• **Input data**
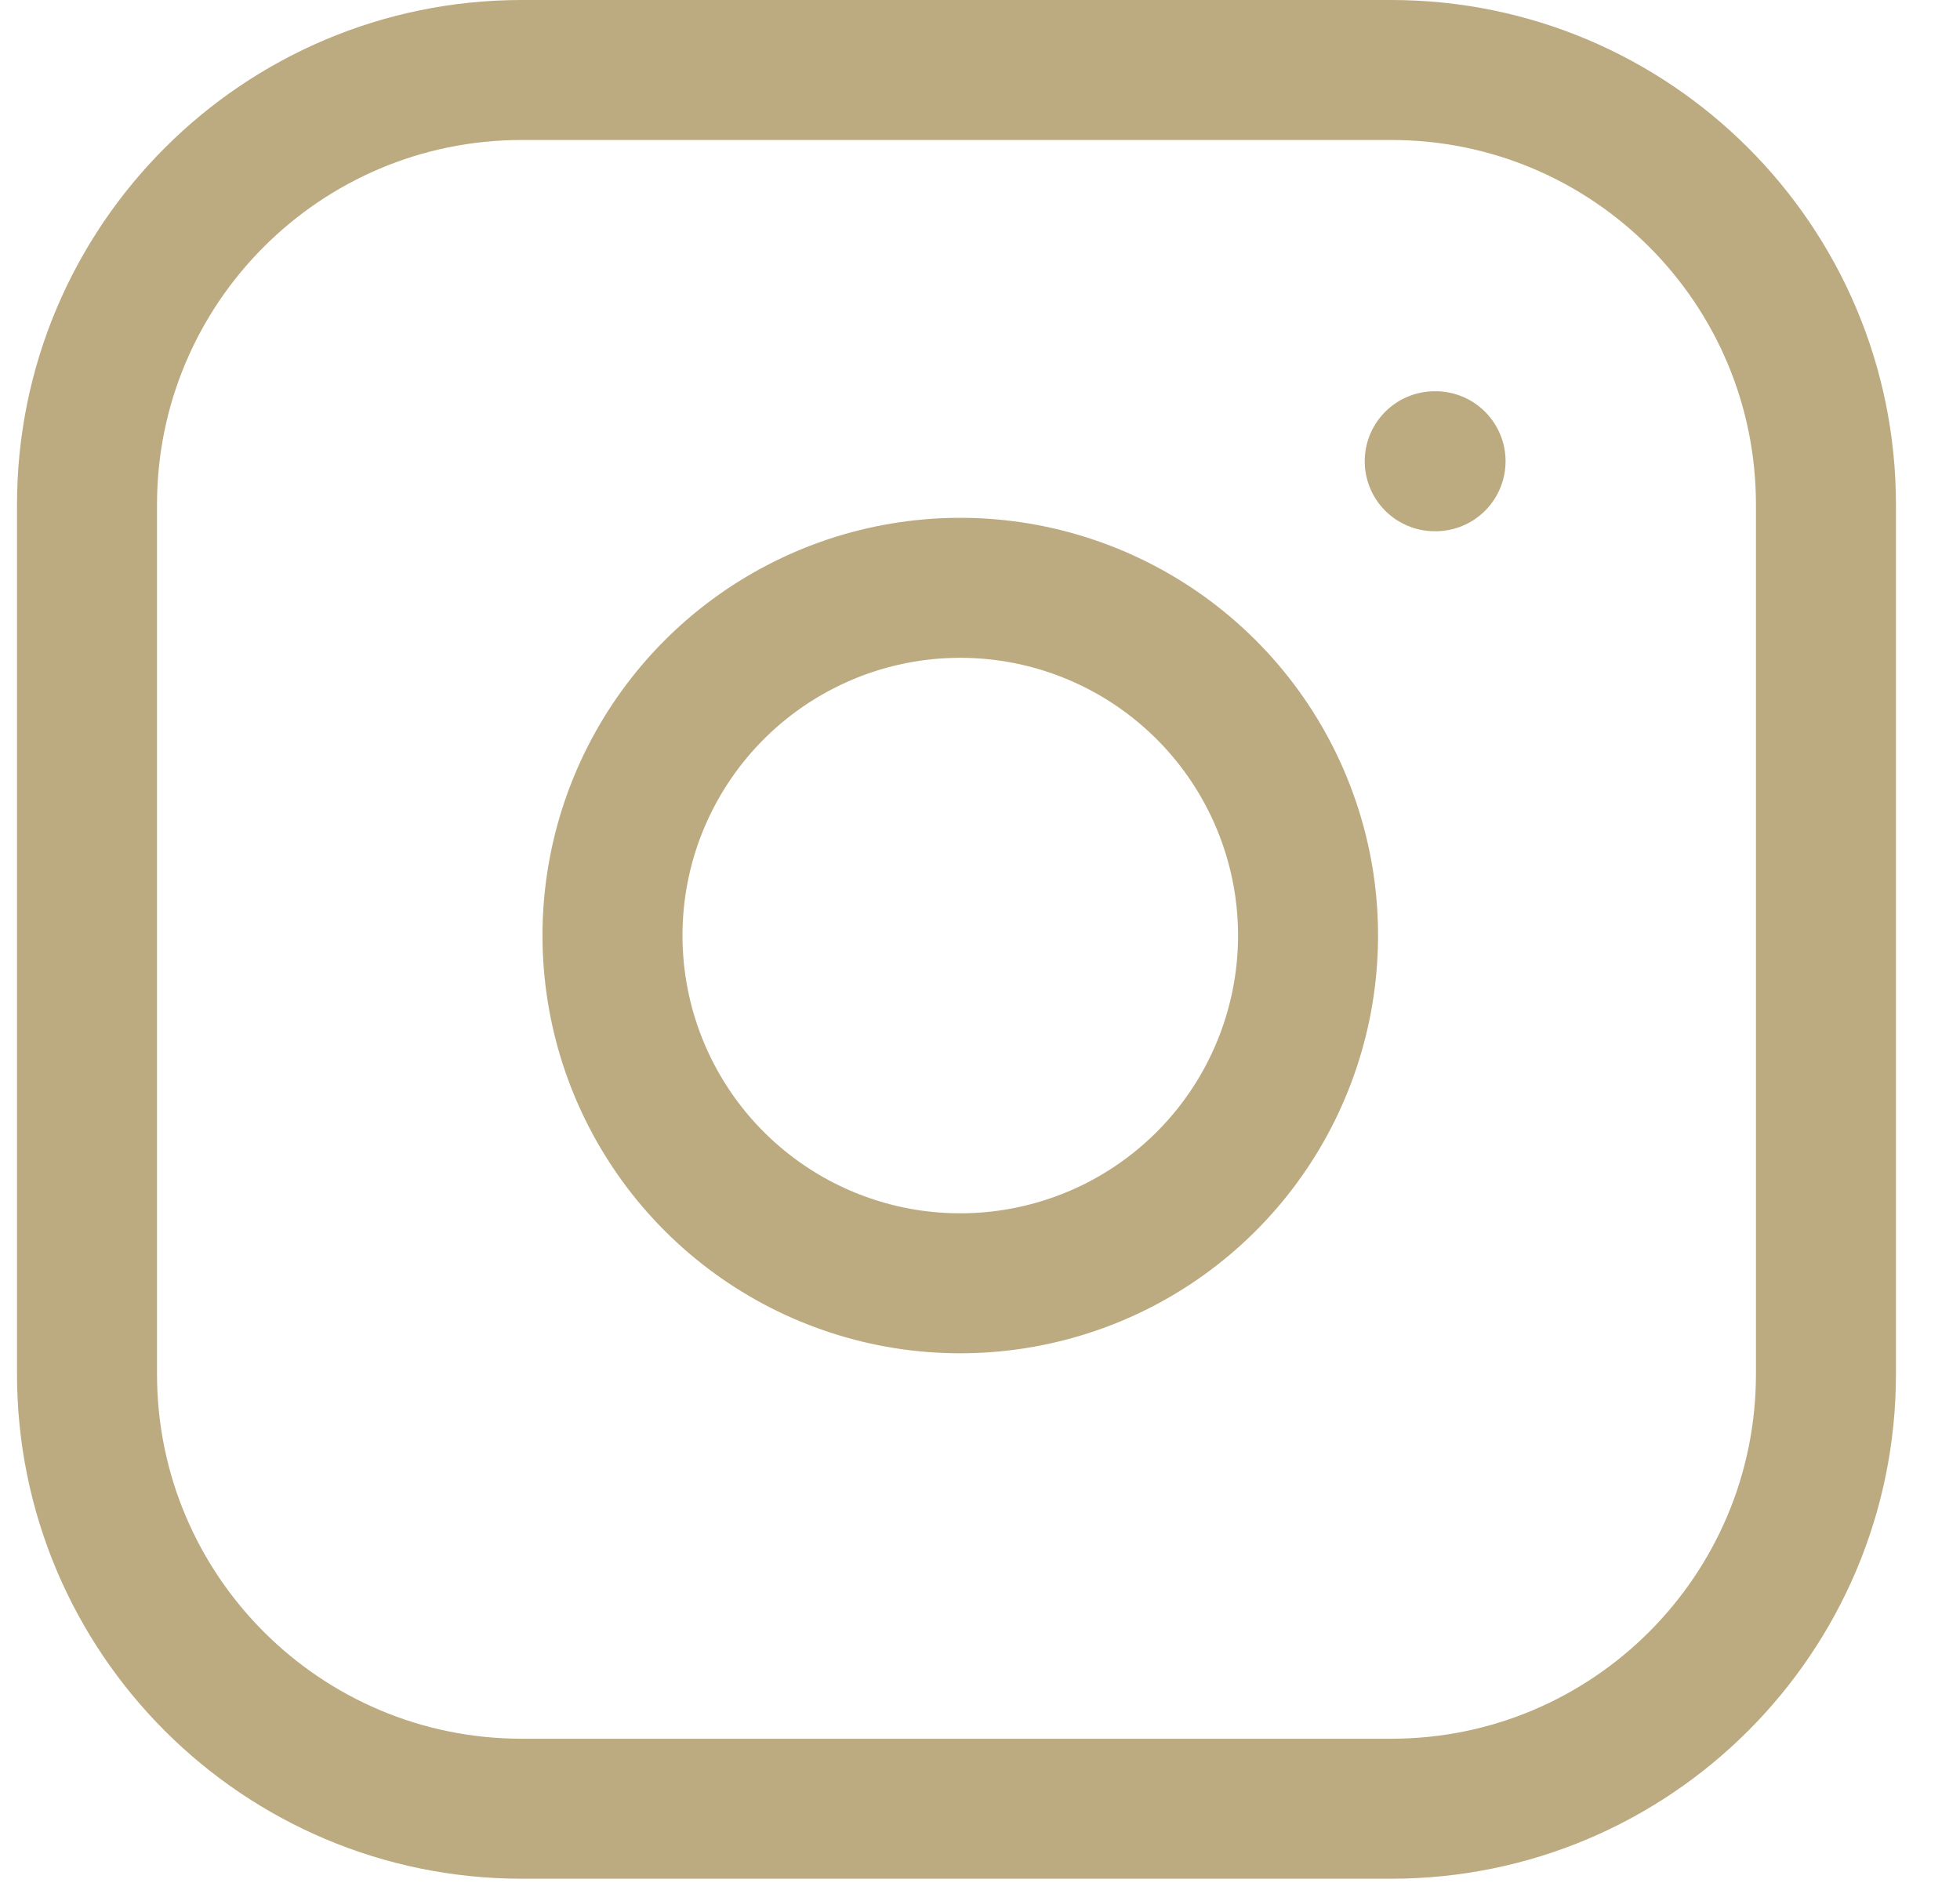 <svg width="28" height="27" viewBox="0 0 28 27" fill="none" xmlns="http://www.w3.org/2000/svg">
<path d="M19.875 1H7.454C4.024 1 1.243 3.781 1.243 7.21V19.631C1.243 23.061 4.024 25.842 7.454 25.842H19.875C23.304 25.842 26.085 23.061 26.085 19.631V7.21C26.085 3.781 23.304 1 19.875 1Z" stroke="#BCAA81" stroke-width="2" stroke-linecap="round" stroke-linejoin="round"/>
<path d="M18.633 12.638C18.786 13.672 18.609 14.727 18.128 15.655C17.647 16.583 16.885 17.335 15.952 17.805C15.018 18.274 13.96 18.438 12.928 18.272C11.897 18.106 10.944 17.619 10.205 16.88C9.466 16.141 8.979 15.188 8.813 14.156C8.647 13.124 8.81 12.066 9.28 11.133C9.75 10.2 10.502 9.438 11.43 8.957C12.357 8.475 13.413 8.299 14.447 8.452C15.501 8.609 16.477 9.1 17.231 9.854C17.985 10.607 18.476 11.584 18.633 12.638Z" stroke="#BCAA81" stroke-width="2" stroke-linecap="round" stroke-linejoin="round"/>
<path d="M20.496 6.59H20.508" stroke="#BCAA81" stroke-width="2" stroke-linecap="round" stroke-linejoin="round"/>
</svg>
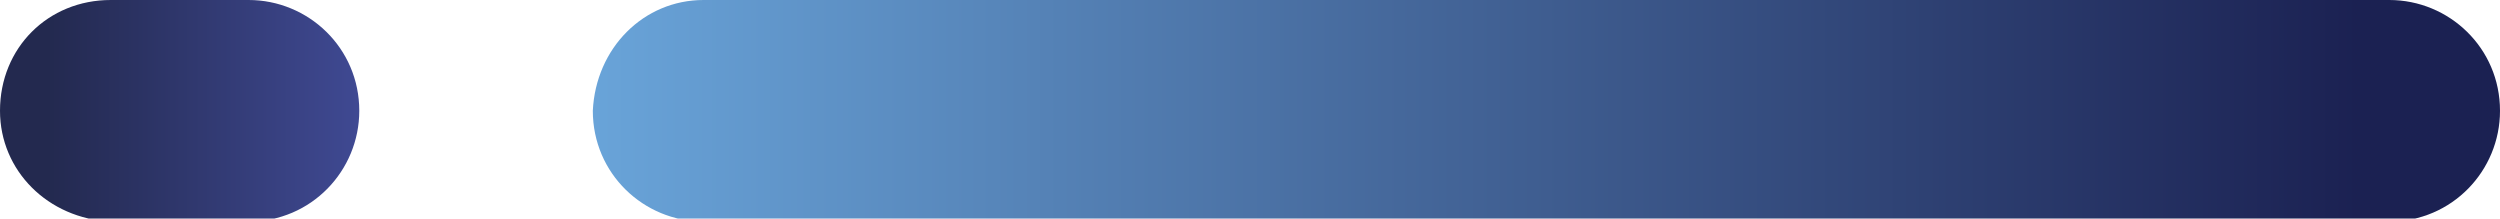 <svg xmlns="http://www.w3.org/2000/svg" xmlns:xlink="http://www.w3.org/1999/xlink" id="Group_13" x="0px" y="0px" viewBox="0 0 83.5 7.3" style="enable-background:new 0 0 83.5 7.3;" xml:space="preserve"><style type="text/css">	.st0{fill:url(#Rectangle_5_00000008848786232500409840000005531822657349561217_);}	.st1{opacity:0.9;fill:url(#Rectangle_6_00000004533044073071394200000005317376963123841206_);enable-background:new    ;}</style><linearGradient id="Rectangle_5_00000036213766447038256000000011832768822580388757_" gradientUnits="userSpaceOnUse" x1="-257.945" y1="346.96" x2="-258.864" y2="346.96" gradientTransform="matrix(63.595 0 0 -7.303 16482.357 2537.503)">	<stop offset="0" style="stop-color:#1B2152"></stop>	<stop offset="1" style="stop-color:#69A4D9"></stop></linearGradient><path id="Rectangle_5" style="fill:url(#Rectangle_5_00000036213766447038256000000011832768822580388757_);" d="M23.5,0h56.3 c2,0,3.7,1.6,3.7,3.7l0,0c0,2-1.6,3.7-3.7,3.7H23.5c-2,0-3.7-1.6-3.7-3.7l0,0C19.9,1.6,21.5,0,23.5,0z"></path><linearGradient id="Rectangle_6_00000034082516070495637200000006911826323793556141_" gradientUnits="userSpaceOnUse" x1="-239.944" y1="346.96" x2="-240.81" y2="346.96" gradientTransform="matrix(11.924 0 0 -7.303 2873.012 2537.503)">	<stop offset="0" style="stop-color:#2A3586"></stop>	<stop offset="1" style="stop-color:#0B123C"></stop></linearGradient><path id="Rectangle_6" style="opacity:0.9;fill:url(#Rectangle_6_00000034082516070495637200000006911826323793556141_);enable-background:new    ;" d=" M3.7,0h4.6c2,0,3.7,1.6,3.7,3.7l0,0c0,2-1.6,3.7-3.7,3.7H3.7C1.6,7.3,0,5.7,0,3.7l0,0C0,1.6,1.6,0,3.7,0z"></path></svg>
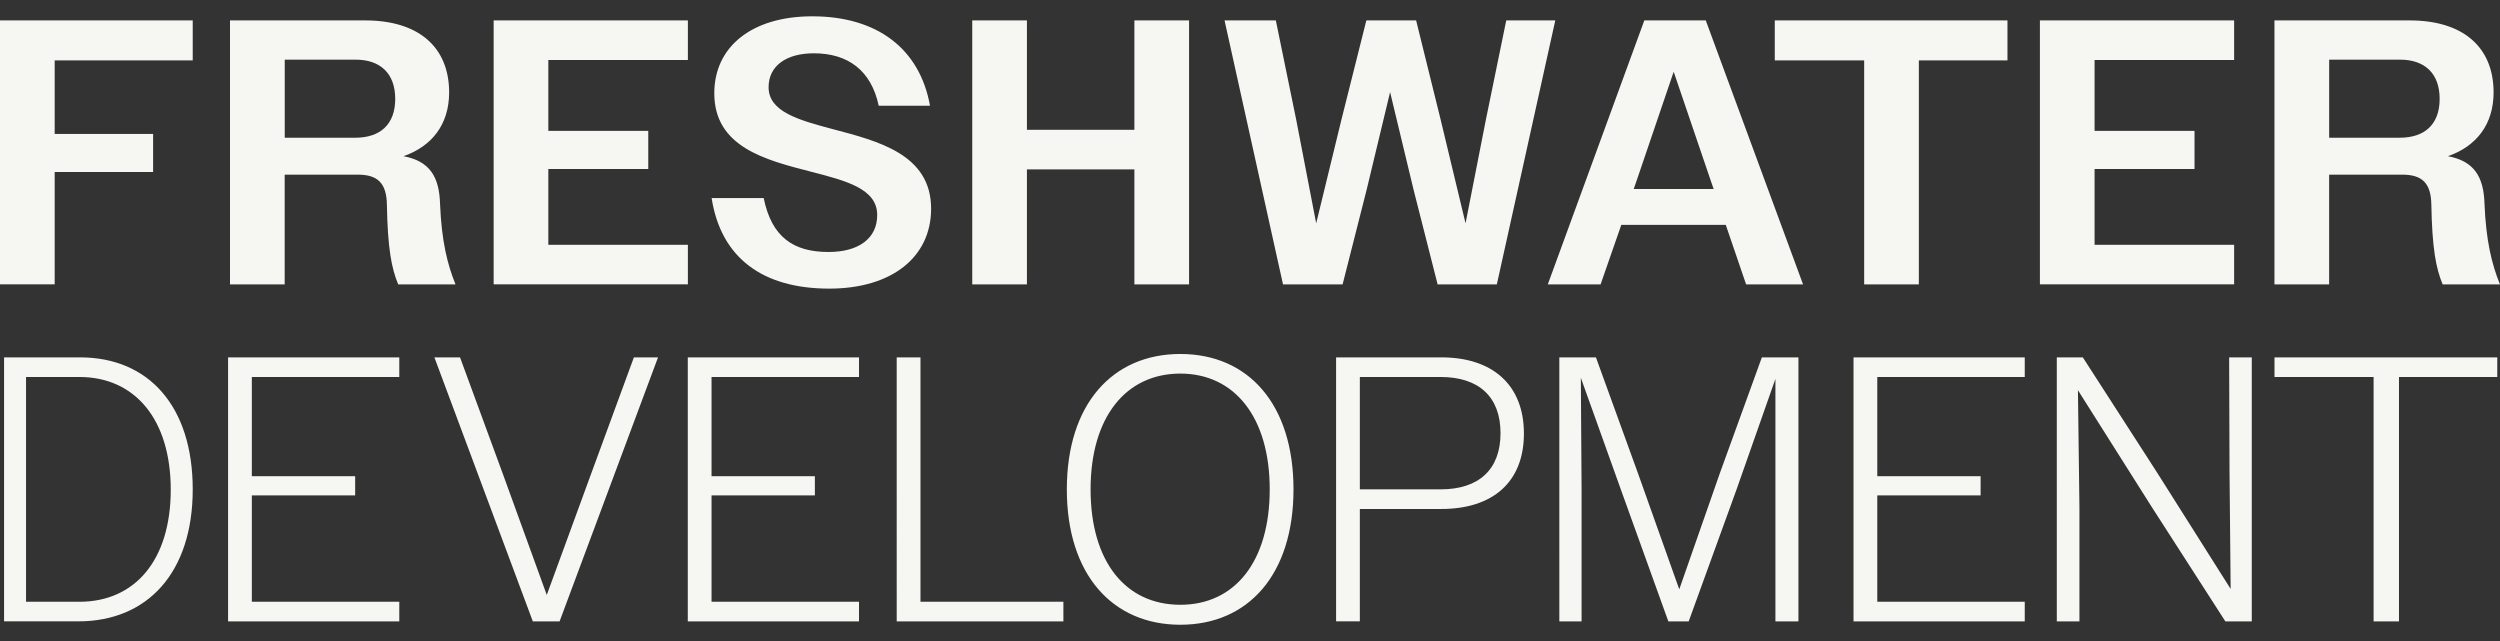 <svg xmlns="http://www.w3.org/2000/svg" viewBox="0 0 780 200"><rect x="0" y="0" width="780" height="200" fill="#333333" stroke="none"/><path d="M0 6.37h60.13v12.47H17.06v22.94h30.71v11.88H17.06v35.06H0V6.37Zm71.77 0h42.24c16.35 0 26.12 8.12 26.12 22.47 0 10-5.41 16.83-14.24 19.89 8.12 1.53 11.18 6.35 11.41 14.94.47 11.41 2.24 18.71 4.82 25.06h-17.88c-2.12-5.06-3.29-11.41-3.53-24.94-.12-6.59-2.82-9.3-9.06-9.3H88.82v34.24H71.76V6.37Zm17.07 12.24v24.36h22c7.77 0 12.47-4.12 12.47-12.12s-4.71-12.24-12.35-12.24H88.84Zm65.18-12.24h60.6v12.35h-43.54v22.12h31.18v11.88h-31.18v23.65h43.54v12.35h-60.6V6.37Zm68.01 55.42h16.24c2.47 12.12 9.18 16.83 20.24 16.83 9.41 0 15.18-4.24 15.18-11.53 0-8.24-9.77-10.71-20.71-13.53-14.12-3.65-30.12-7.65-30.12-24.47 0-14.47 11.65-24 30.59-24 20.24 0 33.53 10.12 36.71 27.89h-16c-2.35-11.06-9.65-16.35-20.24-16.35-8.71 0-14.12 4-14.12 10.59 0 7.65 9.41 10.24 20 13.06 14.24 3.76 30.71 7.88 30.71 24.83 0 15.18-12.35 24.94-31.77 24.94-20.59 0-33.77-9.41-36.71-28.24Zm81.31-55.42h17.06v34.12h33.53V6.37h17.06v82.37h-17.06V52.85H320.4v35.89h-17.06V6.37Zm78.72 0h16l6.35 30.95 6.24 32.36 7.88-32.36 7.77-30.95h15.53l7.65 30.95 7.77 32.36 6.35-32.36 6.35-30.95h15.3l-18.24 82.37h-18.47l-7.53-29.65-7.3-30.36-7.29 30.36-7.53 29.65H400.3L382.06 6.37Zm130.96 0h19.18l30.36 82.37h-17.77l-6.35-18.59h-32.59l-6.47 18.59h-16.47l30.12-82.37Zm-3.3 52.6h24.94l-1.06-3.06-11.41-33.53-11.41 33.53-1.06 3.06Zm71.9-40.13h-27.89V6.37h72.6v12.47h-27.65v69.89h-17.06V18.84Zm54.83-12.47h60.6v12.35h-43.54v22.12h31.18v11.88h-31.18v23.65h43.54v12.35h-60.6V6.37Zm73.19 0h42.24c16.35 0 26.12 8.12 26.12 22.47 0 10-5.41 16.83-14.24 19.89 8.12 1.53 11.18 6.35 11.41 14.94.47 11.41 2.24 18.71 4.82 25.06h-17.88c-2.12-5.06-3.29-11.41-3.53-24.94-.12-6.59-2.82-9.3-9.06-9.3h-22.83v34.24h-17.06V6.37Zm17.06 12.24v24.36h22c7.77 0 12.47-4.12 12.47-12.12s-4.71-12.24-12.35-12.24H726.7ZM1.27 111.5h23.72c21.32 0 35.14 15.18 35.14 41.18s-14.14 41.18-35.68 41.18H1.27v-82.37Zm6.85 6.12v70.13h16.65c17.3 0 28.5-12.94 28.5-34.95s-11.21-35.18-28.5-35.18H8.12Zm63.04-6.12h53.42v6.12H78.57v30.95h32.24v6H78.57v33.18h46.01v6.12H71.16V111.5Zm103.43 82.37h-8.35l-30.71-82.37h8l13.53 36.83 13.53 37.3 13.65-37.3 13.53-36.83h7.53l-30.71 82.37Zm40-82.37h53.42v6.12H222v30.95h32.24v6H222v33.18h46.01v6.12h-53.42V111.5Zm65.19 0h7.41v76.25h44.59v6.12h-52.01V111.5Zm53.07 41.18c0-26.59 14.24-42.24 35.42-42.24s35.3 15.65 35.3 42.24-14.12 42.24-35.3 42.24-35.42-15.65-35.42-42.24Zm63.3 0c0-22.47-10.94-36.12-27.89-36.12s-28 13.53-28 36.12 10.94 36.01 28 36.01 27.89-13.53 27.89-36.01Zm20.71-41.18h32.83c16 0 25.77 8.59 25.77 23.77s-9.77 23.53-25.77 23.53h-25.42v35.06h-7.41v-82.37Zm7.41 6.12v35.06h25.18c11.88 0 18.71-6.12 18.71-17.53s-6.82-17.53-18.71-17.53h-25.18Zm62.25-6.12h11.41l13.06 36.01 12.94 36.36 12.71-36.36 13.06-36.01h11.41v82.37h-7.18v-75.66l-12.12 34.48-14.94 41.18h-6.35l-14.83-41.18-12.47-34.83.23 34.83v41.18h-6.94V111.5Zm91.78 0h53.42v6.12h-46.01v30.95h32.24v6h-32.24v33.18h46.01v6.12H578.3V111.5Zm63.42 0h8.12l23.06 35.77 23.06 36.48-.35-36.48-.12-35.77h7.06v82.37h-8.24l-22.94-35.65-23.06-36.48.47 36.48v35.65h-7.06V111.5Zm98.84 6.12h-30.92v-6.12h69.51v6.12h-30.67v76.25h-7.92v-76.25Z" style="fill:#f6f6f2"/></svg>

• **What you need to do**
Copy exactly the lines running from the beginning of the listing through the line that has "1H7.454C4.024 1 1.243". Drop the pictures.

• **Response area**
 <svg width="28" height="27" viewBox="0 0 28 27" fill="none" xmlns="http://www.w3.org/2000/svg">
<path d="M19.875 1H7.454C4.024 1 1.243 3.781 1.243 7.21V19.631C1.243 23.061 4.024 25.842 7.454 25.842H19.875C23.304 25.842 26.085 23.061 26.085 19.631V7.21C26.085 3.781 23.304 1 19.875 1Z" stroke="#BCAA81" stroke-width="2" stroke-linecap="round" stroke-linejoin="round"/>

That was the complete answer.